EXERCISE INSTRUCTIONS
Report, in full, each line of the material below in which the string "forest" occurs.

RECORD EXTRACTS section start

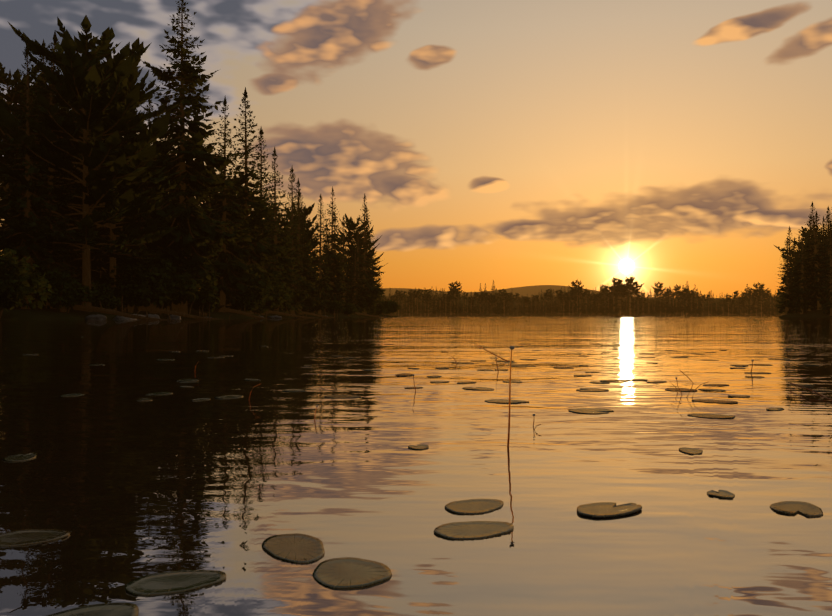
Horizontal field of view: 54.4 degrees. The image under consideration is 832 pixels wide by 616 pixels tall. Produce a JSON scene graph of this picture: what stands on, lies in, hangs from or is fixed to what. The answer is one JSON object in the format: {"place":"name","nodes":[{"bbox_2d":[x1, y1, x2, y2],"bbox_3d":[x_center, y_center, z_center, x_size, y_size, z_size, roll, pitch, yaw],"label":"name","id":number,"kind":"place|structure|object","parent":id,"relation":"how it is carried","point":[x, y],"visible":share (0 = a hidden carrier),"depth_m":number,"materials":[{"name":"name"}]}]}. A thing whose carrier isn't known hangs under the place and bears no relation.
{"place":"outdoors","nodes":[
{"label":"outdoors","id":0,"kind":"place"},
{"bbox_2d":[0,316,831,615],"bbox_3d":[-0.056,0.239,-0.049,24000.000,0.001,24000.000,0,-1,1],"label":"lake water","id":1,"kind":"structure","parent":0,"point":[118,481],"depth_m":1.32,"materials":[{"name":"brown liquid"}]},
{"bbox_2d":[73,295,170,319],"bbox_3d":[-16.558,0.037,47.181,8.812,1.804,0.704,0,-1,20],"label":"fallen log","id":2,"kind":"object","parent":1,"relation":"on","point":[95,309],"visible":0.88,"depth_m":47.74,"materials":[{"name":"wood"}]},
{"bbox_2d":[138,301,231,318],"bbox_3d":[-15.870,0.131,57.000,7.637,1.804,0.713,0,-1,7],"label":"fallen log","id":3,"kind":"object","parent":1,"relation":"on","point":[149,309],"visible":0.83,"depth_m":57.11,"materials":[{"name":"wood"}]},
{"bbox_2d":[224,307,271,318],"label":"fallen log","id":4,"kind":"object","parent":1,"relation":"on","point":[239,312],"visible":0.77,"depth_m":68.85,"materials":[{"name":"wood"}]},
{"bbox_2d":[265,306,313,317],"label":"fallen log","id":5,"kind":"object","parent":1,"relation":"in","point":[280,313],"visible":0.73,"depth_m":86.22,"materials":[{"name":"wood"}]},
{"bbox_2d":[299,311,337,317],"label":"fallen log","id":6,"kind":"object","parent":1,"relation":"on","point":[308,313],"visible":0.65,"depth_m":103.38,"materials":[{"name":"wood"}]},
{"bbox_2d":[0,344,831,615],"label":"lily pads","id":7,"kind":"object","parent":1,"relation":"on","point":[344,573],"visible":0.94,"depth_m":0.88,"materials":[{"name":"green plant"}]},
{"bbox_2d":[473,343,506,360],"bbox_3d":[0.384,0.242,4.200,0.211,0.134,0.007,0,-1,-15],"label":"plant stem","id":8,"kind":"object","parent":1,"relation":"in","point":[490,352],"visible":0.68,"depth_m":4.20,"materials":[{"name":"beige"}]},
{"bbox_2d":[507,346,514,447],"bbox_3d":[0.170,0.186,1.475,0.023,0.235,0.009,0,-1,-35],"label":"plant stem","id":9,"kind":"object","parent":1,"relation":"in","point":[511,347],"visible":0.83,"depth_m":1.47,"materials":[{"name":"beige plant"}]},
{"bbox_2d":[790,383,831,400],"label":"floating stem","id":10,"kind":"object","parent":1,"relation":"on","point":[811,390],"visible":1,"depth_m":2.44,"materials":[{"name":"beige"}]},
{"bbox_2d":[0,285,831,319],"bbox_3d":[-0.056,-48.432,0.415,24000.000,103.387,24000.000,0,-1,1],"label":"terrain","id":11,"kind":"structure","parent":0,"point":[17,313],"depth_m":126.79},
{"bbox_2d":[0,61,45,229],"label":"pine tree","id":12,"kind":"object","parent":11,"relation":"on","point":[8,97],"visible":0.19,"depth_m":64.26,"materials":[{"name":"green plant"}]},
{"bbox_2d":[0,247,52,318],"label":"shrub","id":13,"kind":"object","parent":11,"relation":"on","point":[12,283],"visible":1,"depth_m":40.78,"materials":[{"name":"green plant"}]},
{"bbox_2d":[0,40,74,309],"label":"spruce tree","id":14,"kind":"object","parent":11,"relation":"on","point":[22,248],"visible":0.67,"depth_m":46.96,"materials":[{"name":"green plant"}]},
{"bbox_2d":[0,38,78,274],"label":"fir tree","id":15,"kind":"object","parent":11,"relation":"on","point":[37,86],"visible":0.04,"depth_m":51.90,"materials":[{"name":"green plant"}]},
{"bbox_2d":[0,31,81,276],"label":"spruce tree","id":16,"kind":"object","parent":11,"relation":"on","point":[55,40],"visible":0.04,"depth_m":56.15,"materials":[{"name":"green plant"}]},
{"bbox_2d":[11,51,86,308],"bbox_3d":[-22.392,-7.660,49.237,5.246,16.292,4.911,0,-1,30],"label":"fir tree","id":17,"kind":"object","parent":11,"relation":"on","point":[50,216],"visible":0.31,"depth_m":49.16,"materials":[{"name":"green plant"}]},
{"bbox_2d":[40,268,98,312],"bbox_3d":[-20.652,-0.879,47.591,3.088,2.893,4.163,0,-1,16],"label":"shrub","id":18,"kind":"object","parent":11,"relation":"on","point":[67,293],"visible":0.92,"depth_m":46.79,"materials":[{"name":"green plant"}]},
{"bbox_2d":[16,61,159,256],"bbox_3d":[-26.045,-10.203,63.749,10.687,20.794,11.009,0,-1,-33],"label":"pine tree","id":19,"kind":"object","parent":11,"relation":"on","point":[68,109],"depth_m":62.10,"materials":[{"name":"green plant"}]},
{"bbox_2d":[0,15,183,311],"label":"pine tree","id":20,"kind":"object","parent":11,"relation":"on","point":[90,90],"visible":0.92,"depth_m":48.50,"materials":[{"name":"green plant"}]},
{"bbox_2d":[85,314,106,319],"bbox_3d":[-18.694,0.668,47.339,0.851,0.592,1.107,0,-1,36],"label":"rock","id":21,"kind":"object","parent":11,"relation":"on","point":[97,317],"visible":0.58,"depth_m":47.05,"materials":[{"name":"grey stone"}]},
{"bbox_2d":[78,281,120,309],"bbox_3d":[-20.198,-0.599,51.389,2.998,2.315,2.212,0,-1,-4],"label":"shrub","id":22,"kind":"object","parent":11,"relation":"on","point":[105,300],"visible":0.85,"depth_m":51.02,"materials":[{"name":"green plant"}]},
{"bbox_2d":[69,178,154,292],"bbox_3d":[-23.107,-8.643,58.434,8.459,17.956,8.598,0,-1,42],"label":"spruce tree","id":23,"kind":"object","parent":11,"relation":"on","point":[98,261],"visible":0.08,"depth_m":57.01,"materials":[{"name":"green plant"}]},
{"bbox_2d":[52,36,188,310],"bbox_3d":[-20.805,-8.581,55.670,10.592,18.418,10.692,0,-1,-7],"label":"pine tree","id":24,"kind":"object","parent":11,"relation":"on","point":[132,226],"visible":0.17,"depth_m":54.58,"materials":[{"name":"green plant"}]},
{"bbox_2d":[95,81,148,308],"bbox_3d":[-22.429,-9.083,62.528,5.896,19.288,5.519,0,-1,-26],"label":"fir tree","id":25,"kind":"object","parent":11,"relation":"on","point":[128,217],"depth_m":61.97,"materials":[{"name":"green plant"}]},
{"bbox_2d":[113,315,136,319],"bbox_3d":[-18.127,0.664,50.278,1.368,0.652,1.760,0,-1,-7],"label":"rock","id":26,"kind":"object","parent":11,"relation":"on","point":[117,317],"visible":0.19,"depth_m":49.64,"materials":[{"name":"grey stone"}]},
{"bbox_2d":[144,314,159,318],"bbox_3d":[-17.802,0.717,54.312,1.179,0.630,1.675,0,-1,20],"label":"rock","id":27,"kind":"object","parent":11,"relation":"on","point":[153,315],"visible":0.33,"depth_m":53.97,"materials":[{"name":"grey stone"}]},
{"bbox_2d":[145,99,163,217],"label":"fir tree","id":28,"kind":"object","parent":11,"relation":"on","point":[150,106],"visible":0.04,"depth_m":69.37,"materials":[{"name":"green plant"}]},
{"bbox_2d":[140,103,177,243],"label":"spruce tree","id":29,"kind":"object","parent":11,"relation":"on","point":[161,239],"visible":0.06,"depth_m":68.24,"materials":[{"name":"green plant"}]},
{"bbox_2d":[167,315,180,318],"bbox_3d":[-17.430,0.766,58.334,0.978,0.642,1.261,0,-1,-11],"label":"rock","id":30,"kind":"object","parent":11,"relation":"on","point":[174,317],"visible":0.4,"depth_m":57.87,"materials":[{"name":"grey stone"}]},
{"bbox_2d":[121,0,257,313],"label":"tall tree","id":31,"kind":"object","parent":11,"relation":"on","point":[186,238],"visible":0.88,"depth_m":61.50,"materials":[{"name":"green plant"}]},
{"bbox_2d":[188,289,220,316],"bbox_3d":[-16.733,-0.345,64.249,2.426,2.501,3.259,1,-1,-45],"label":"shrub","id":32,"kind":"object","parent":11,"relation":"on","point":[206,304],"visible":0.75,"depth_m":63.83,"materials":[{"name":"green plant"}]},
{"bbox_2d":[197,166,231,309],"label":"fir tree","id":33,"kind":"object","parent":11,"relation":"on","point":[205,255],"visible":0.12,"depth_m":70.79,"materials":[{"name":"green plant"}]},
{"bbox_2d":[200,96,260,312],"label":"spruce tree","id":34,"kind":"object","parent":11,"relation":"on","point":[232,262],"visible":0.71,"depth_m":69.67,"materials":[{"name":"green plant"}]},
{"bbox_2d":[199,167,279,308],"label":"pine tree","id":35,"kind":"object","parent":11,"relation":"on","point":[246,178],"visible":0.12,"depth_m":75.81,"materials":[{"name":"green plant"}]},
{"bbox_2d":[211,87,293,313],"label":"spruce tree","id":36,"kind":"object","parent":11,"relation":"on","point":[256,257],"visible":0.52,"depth_m":76.64,"materials":[{"name":"green plant"}]},
{"bbox_2d":[250,127,289,314],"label":"fir tree","id":37,"kind":"object","parent":11,"relation":"on","point":[270,268],"visible":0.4,"depth_m":84.33,"materials":[{"name":"green plant"}]},
{"bbox_2d":[267,315,281,317],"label":"rock","id":38,"kind":"object","parent":11,"relation":"on","point":[275,316],"visible":0.58,"depth_m":79.96,"materials":[{"name":"grey stone"}]},
{"bbox_2d":[264,269,293,314],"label":"shrub","id":39,"kind":"object","parent":11,"relation":"on","point":[278,302],"visible":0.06,"depth_m":84.01,"materials":[{"name":"green plant"}]},
{"bbox_2d":[263,215,299,286],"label":"pine tree","id":40,"kind":"object","parent":11,"relation":"on","point":[289,239],"visible":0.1,"depth_m":94.18,"materials":[{"name":"green plant"}]},
{"bbox_2d":[262,147,304,314],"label":"spruce tree","id":41,"kind":"object","parent":11,"relation":"on","point":[288,276],"visible":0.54,"depth_m":89.97,"materials":[{"name":"green plant"}]},
{"bbox_2d":[285,214,304,311],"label":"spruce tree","id":42,"kind":"object","parent":11,"relation":"on","point":[296,268],"visible":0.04,"depth_m":101.44,"materials":[{"name":"green plant"}]},
{"bbox_2d":[282,167,311,314],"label":"conifer tree","id":43,"kind":"object","parent":11,"relation":"on","point":[297,300],"visible":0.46,"depth_m":98.29,"materials":[{"name":"green plant"}]},
{"bbox_2d":[283,202,321,262],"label":"pine tree","id":44,"kind":"object","parent":11,"relation":"on","point":[308,210],"visible":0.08,"depth_m":122.44,"materials":[{"name":"green plant"}]},
{"bbox_2d":[293,191,319,311],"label":"fir tree","id":45,"kind":"object","parent":11,"relation":"on","point":[309,302],"visible":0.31,"depth_m":105.28,"materials":[{"name":"green plant"}]},
{"bbox_2d":[289,178,326,314],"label":"spruce tree","id":46,"kind":"object","parent":11,"relation":"on","point":[306,273],"visible":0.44,"depth_m":104.03,"materials":[{"name":"green plant"}]},
{"bbox_2d":[293,221,332,286],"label":"pine tree","id":47,"kind":"object","parent":11,"relation":"on","point":[311,236],"visible":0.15,"depth_m":110.95,"materials":[{"name":"green plant"}]},
{"bbox_2d":[311,194,334,314],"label":"fir tree","id":48,"kind":"object","parent":11,"relation":"on","point":[323,295],"visible":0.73,"depth_m":112.17,"materials":[{"name":"green plant"}]},
{"bbox_2d":[318,222,330,307],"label":"fir tree","id":49,"kind":"object","parent":11,"relation":"on","point":[327,249],"visible":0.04,"depth_m":124.90,"materials":[{"name":"green plant"}]},
{"bbox_2d":[318,186,349,304],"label":"spruce tree","id":50,"kind":"object","parent":11,"relation":"on","point":[340,287],"visible":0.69,"depth_m":119.92,"materials":[{"name":"green plant"}]},
{"bbox_2d":[325,215,347,311],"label":"fir tree","id":51,"kind":"object","parent":11,"relation":"on","point":[337,277],"visible":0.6,"depth_m":120.34,"materials":[{"name":"green plant"}]},
{"bbox_2d":[338,216,354,310],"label":"fir tree","id":52,"kind":"object","parent":11,"relation":"on","point":[346,279],"visible":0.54,"depth_m":130.03,"materials":[{"name":"green plant"}]},
{"bbox_2d":[344,245,364,314],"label":"spruce tree","id":53,"kind":"object","parent":11,"relation":"on","point":[355,297],"visible":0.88,"depth_m":131.00,"materials":[{"name":"green plant"}]},
{"bbox_2d":[348,229,362,284],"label":"spruce tree","id":54,"kind":"object","parent":11,"relation":"on","point":[353,239],"visible":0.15,"depth_m":142.19,"materials":[{"name":"green plant"}]},
{"bbox_2d":[347,218,368,314],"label":"fir tree","id":55,"kind":"object","parent":11,"relation":"on","point":[358,258],"visible":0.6,"depth_m":134.15,"materials":[{"name":"green plant"}]},
{"bbox_2d":[330,213,387,286],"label":"pine tree","id":56,"kind":"object","parent":11,"relation":"on","point":[350,223],"visible":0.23,"depth_m":142.55,"materials":[{"name":"green plant"}]},
{"bbox_2d":[344,194,384,312],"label":"spruce tree","id":57,"kind":"object","parent":11,"relation":"on","point":[371,293],"visible":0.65,"depth_m":137.77,"materials":[{"name":"green plant"}]},
{"bbox_2d":[361,206,376,313],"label":"fir tree","id":58,"kind":"object","parent":11,"relation":"on","point":[366,239],"visible":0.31,"depth_m":140.20,"materials":[{"name":"green plant"}]},
{"bbox_2d":[368,237,384,314],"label":"spruce tree","id":59,"kind":"object","parent":11,"relation":"on","point":[376,284],"visible":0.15,"depth_m":157.22,"materials":[{"name":"green plant"}]},
{"bbox_2d":[376,270,384,300],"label":"fir tree","id":60,"kind":"object","parent":11,"relation":"on","point":[380,298],"visible":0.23,"depth_m":167.94,"materials":[{"name":"green plant"}]},
{"bbox_2d":[375,302,386,315],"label":"shrub","id":61,"kind":"object","parent":11,"relation":"on","point":[380,311],"visible":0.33,"depth_m":159.14,"materials":[{"name":"green plant"}]},
{"bbox_2d":[377,300,393,313],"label":"shrub","id":62,"kind":"object","parent":11,"relation":"on","point":[386,305],"visible":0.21,"depth_m":166.43,"materials":[{"name":"green plant"}]},
{"bbox_2d":[383,300,400,315],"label":"shrub","id":63,"kind":"object","parent":11,"relation":"on","point":[395,305],"visible":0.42,"depth_m":170.40,"materials":[{"name":"green plant"}]},
{"bbox_2d":[378,277,784,315],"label":"shore forest","id":64,"kind":"object","parent":11,"relation":"on","point":[610,302],"visible":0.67,"depth_m":562.19,"materials":[{"name":"green plant"}]},
{"bbox_2d":[774,236,798,314],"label":"tree","id":65,"kind":"object","parent":11,"relation":"on","point":[781,308],"visible":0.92,"depth_m":134.01,"materials":[{"name":"green plant"}]},
{"bbox_2d":[778,225,798,309],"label":"tree","id":66,"kind":"object","parent":11,"relation":"on","point":[789,254],"visible":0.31,"depth_m":136.51,"materials":[{"name":"green plant"}]},
{"bbox_2d":[782,241,796,311],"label":"tree","id":67,"kind":"object","parent":11,"relation":"on","point":[794,243],"visible":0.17,"depth_m":141.38,"materials":[{"name":"green plant"}]},
{"bbox_2d":[794,236,801,312],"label":"tree","id":68,"kind":"object","parent":11,"relation":"on","point":[798,243],"visible":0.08,"depth_m":138.65,"materials":[{"name":"green plant"}]},
{"bbox_2d":[774,227,826,312],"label":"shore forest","id":69,"kind":"object","parent":11,"relation":"on","point":[796,242],"depth_m":178.43,"materials":[{"name":"green plant"}]},
{"bbox_2d":[786,231,816,313],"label":"tree","id":70,"kind":"object","parent":11,"relation":"on","point":[800,296],"visible":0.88,"depth_m":128.56,"materials":[{"name":"green plant"}]},
{"bbox_2d":[783,216,823,311],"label":"tree","id":71,"kind":"object","parent":11,"relation":"on","point":[811,309],"visible":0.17,"depth_m":136.38,"materials":[{"name":"green plant"}]},
{"bbox_2d":[791,201,829,309],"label":"tree","id":72,"kind":"object","parent":11,"relation":"on","point":[817,259],"visible":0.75,"depth_m":128.74,"materials":[{"name":"green plant"}]},
{"bbox_2d":[811,211,822,308],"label":"tree","id":73,"kind":"object","parent":11,"relation":"on","point":[816,232],"visible":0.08,"depth_m":145.88,"materials":[{"name":"green plant"}]},
{"bbox_2d":[813,215,825,306],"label":"tree","id":74,"kind":"object","parent":11,"relation":"on","point":[821,235],"visible":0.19,"depth_m":142.64,"materials":[{"name":"green plant"}]},
{"bbox_2d":[816,207,831,307],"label":"tree","id":75,"kind":"object","parent":11,"relation":"on","point":[826,234],"visible":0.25,"depth_m":130.84,"materials":[{"name":"green plant"}]},
{"bbox_2d":[817,221,831,315],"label":"tree","id":76,"kind":"object","parent":11,"relation":"on","point":[827,305],"visible":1,"depth_m":123.91,"materials":[{"name":"green plant"}]},
{"bbox_2d":[818,215,831,253],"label":"tree","id":77,"kind":"object","parent":11,"relation":"on","point":[826,238],"visible":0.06,"depth_m":137.27,"materials":[{"name":"green plant"}]},
{"bbox_2d":[0,0,831,297],"label":"sky","id":78,"kind":"structure","parent":0,"point":[507,143],"materials":[{"name":"orange"}]}
]}

RECORD EXTRACTS section end

RESPONSE
{"bbox_2d":[378,277,784,315],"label":"shore forest","id":64,"kind":"object","parent":11,"relation":"on","point":[610,302],"visible":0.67,"depth_m":562.19,"materials":[{"name":"green plant"}]},
{"bbox_2d":[774,227,826,312],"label":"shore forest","id":69,"kind":"object","parent":11,"relation":"on","point":[796,242],"depth_m":178.43,"materials":[{"name":"green plant"}]},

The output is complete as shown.